▶ PROVIDED INFORMATION
# # # # #
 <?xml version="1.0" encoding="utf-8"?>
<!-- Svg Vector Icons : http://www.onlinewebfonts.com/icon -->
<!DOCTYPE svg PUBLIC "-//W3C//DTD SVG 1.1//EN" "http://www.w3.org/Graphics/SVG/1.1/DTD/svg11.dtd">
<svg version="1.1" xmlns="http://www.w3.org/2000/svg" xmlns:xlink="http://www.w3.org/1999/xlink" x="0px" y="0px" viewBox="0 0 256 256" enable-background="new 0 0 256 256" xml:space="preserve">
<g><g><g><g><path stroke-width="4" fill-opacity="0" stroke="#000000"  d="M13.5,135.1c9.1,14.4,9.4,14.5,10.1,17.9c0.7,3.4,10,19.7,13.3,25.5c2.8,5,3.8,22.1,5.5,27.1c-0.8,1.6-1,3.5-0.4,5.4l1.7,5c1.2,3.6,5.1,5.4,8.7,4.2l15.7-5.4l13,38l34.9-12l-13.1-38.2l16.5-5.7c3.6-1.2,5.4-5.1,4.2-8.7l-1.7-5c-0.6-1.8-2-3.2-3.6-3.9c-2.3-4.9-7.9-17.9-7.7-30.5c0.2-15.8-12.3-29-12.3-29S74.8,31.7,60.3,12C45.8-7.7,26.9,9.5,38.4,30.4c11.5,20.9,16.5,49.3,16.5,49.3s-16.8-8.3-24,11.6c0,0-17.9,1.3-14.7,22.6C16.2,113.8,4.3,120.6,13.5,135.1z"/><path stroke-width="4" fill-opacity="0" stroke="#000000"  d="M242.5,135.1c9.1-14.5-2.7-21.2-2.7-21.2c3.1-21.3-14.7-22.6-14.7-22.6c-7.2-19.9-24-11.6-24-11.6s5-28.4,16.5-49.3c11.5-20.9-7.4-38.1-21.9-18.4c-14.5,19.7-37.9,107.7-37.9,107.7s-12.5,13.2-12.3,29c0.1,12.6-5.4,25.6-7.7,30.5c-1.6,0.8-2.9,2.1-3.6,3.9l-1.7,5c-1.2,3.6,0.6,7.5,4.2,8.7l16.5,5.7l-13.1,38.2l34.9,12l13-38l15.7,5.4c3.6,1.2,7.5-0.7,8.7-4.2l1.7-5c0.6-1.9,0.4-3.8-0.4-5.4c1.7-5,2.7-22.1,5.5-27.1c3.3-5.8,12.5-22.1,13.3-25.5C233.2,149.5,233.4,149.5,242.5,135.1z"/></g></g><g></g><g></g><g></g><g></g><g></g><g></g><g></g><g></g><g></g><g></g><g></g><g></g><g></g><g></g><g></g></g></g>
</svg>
# # # # #
▶ YOUR OBJECTIVE
Transcribe the full listing. Change nothing.

▶ WRITTEN ANSWER
 <?xml version="1.0" encoding="utf-8"?>
<!-- Svg Vector Icons : http://www.onlinewebfonts.com/icon -->
<!DOCTYPE svg PUBLIC "-//W3C//DTD SVG 1.1//EN" "http://www.w3.org/Graphics/SVG/1.1/DTD/svg11.dtd">
<svg version="1.1" xmlns="http://www.w3.org/2000/svg" xmlns:xlink="http://www.w3.org/1999/xlink" x="0px" y="0px" viewBox="0 0 256 256" enable-background="new 0 0 256 256" xml:space="preserve">
<g><g><g><g><path stroke-width="4" fill-opacity="0" stroke="#000000"  d="M13.5,135.1c9.1,14.4,9.4,14.5,10.1,17.9c0.7,3.4,10,19.7,13.3,25.5c2.8,5,3.8,22.1,5.5,27.1c-0.8,1.6-1,3.5-0.4,5.4l1.7,5c1.2,3.6,5.1,5.4,8.7,4.2l15.7-5.4l13,38l34.9-12l-13.1-38.2l16.5-5.7c3.6-1.2,5.4-5.1,4.2-8.7l-1.7-5c-0.6-1.8-2-3.2-3.6-3.9c-2.3-4.9-7.9-17.9-7.7-30.5c0.2-15.8-12.3-29-12.3-29S74.8,31.7,60.3,12C45.8-7.7,26.9,9.5,38.4,30.4c11.5,20.9,16.5,49.3,16.5,49.3s-16.8-8.3-24,11.6c0,0-17.9,1.3-14.7,22.6C16.2,113.8,4.3,120.6,13.5,135.1z"/><path stroke-width="4" fill-opacity="0" stroke="#000000"  d="M242.5,135.1c9.1-14.5-2.7-21.2-2.7-21.2c3.1-21.3-14.7-22.6-14.7-22.6c-7.2-19.9-24-11.6-24-11.6s5-28.4,16.5-49.3c11.5-20.9-7.4-38.1-21.9-18.4c-14.5,19.7-37.9,107.7-37.9,107.7s-12.5,13.2-12.3,29c0.1,12.6-5.4,25.6-7.7,30.5c-1.6,0.8-2.9,2.1-3.6,3.9l-1.7,5c-1.2,3.6,0.6,7.5,4.2,8.7l16.5,5.7l-13.1,38.2l34.9,12l13-38l15.7,5.4c3.6,1.2,7.5-0.7,8.7-4.2l1.7-5c0.6-1.9,0.4-3.8-0.4-5.4c1.7-5,2.7-22.1,5.5-27.1c3.3-5.8,12.5-22.1,13.3-25.5C233.2,149.5,233.4,149.5,242.5,135.1z"/></g></g><g></g><g></g><g></g><g></g><g></g><g></g><g></g><g></g><g></g><g></g><g></g><g></g><g></g><g></g><g></g></g></g>
</svg>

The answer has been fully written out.